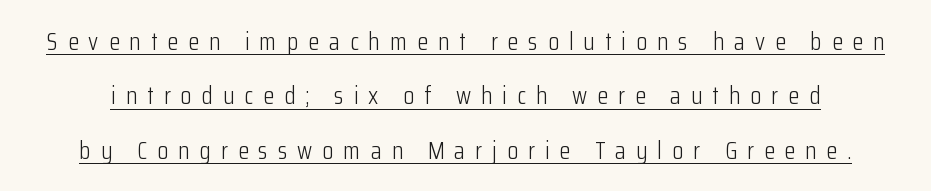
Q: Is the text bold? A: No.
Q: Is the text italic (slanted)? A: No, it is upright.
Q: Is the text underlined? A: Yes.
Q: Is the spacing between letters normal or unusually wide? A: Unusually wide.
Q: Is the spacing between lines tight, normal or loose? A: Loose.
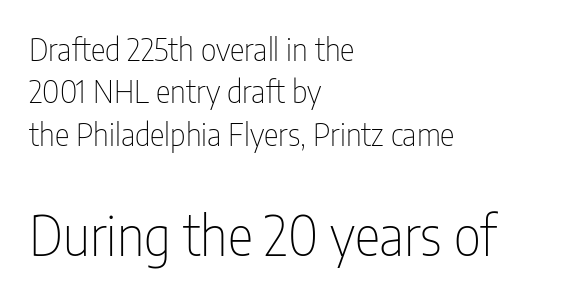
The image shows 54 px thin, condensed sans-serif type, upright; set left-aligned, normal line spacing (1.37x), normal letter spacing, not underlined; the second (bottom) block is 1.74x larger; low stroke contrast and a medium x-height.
+ + + + +
Problem to work on:
Everything from the line containing "Q: Is the text underlined? A: Yes." through the last line of the listing above must be output exactly, except the pictures.

Response area:
Q: Is the text underlined? A: Yes.
Q: Is the spacing between letters normal or unusually wide? A: Unusually wide.
Q: Is the spacing between lines tight, normal or loose? A: Loose.
The image shows 54 px thin, condensed sans-serif type, upright; set left-aligned, normal line spacing (1.37x), normal letter spacing, not underlined; the second (bottom) block is 1.74x larger; low stroke contrast and a medium x-height.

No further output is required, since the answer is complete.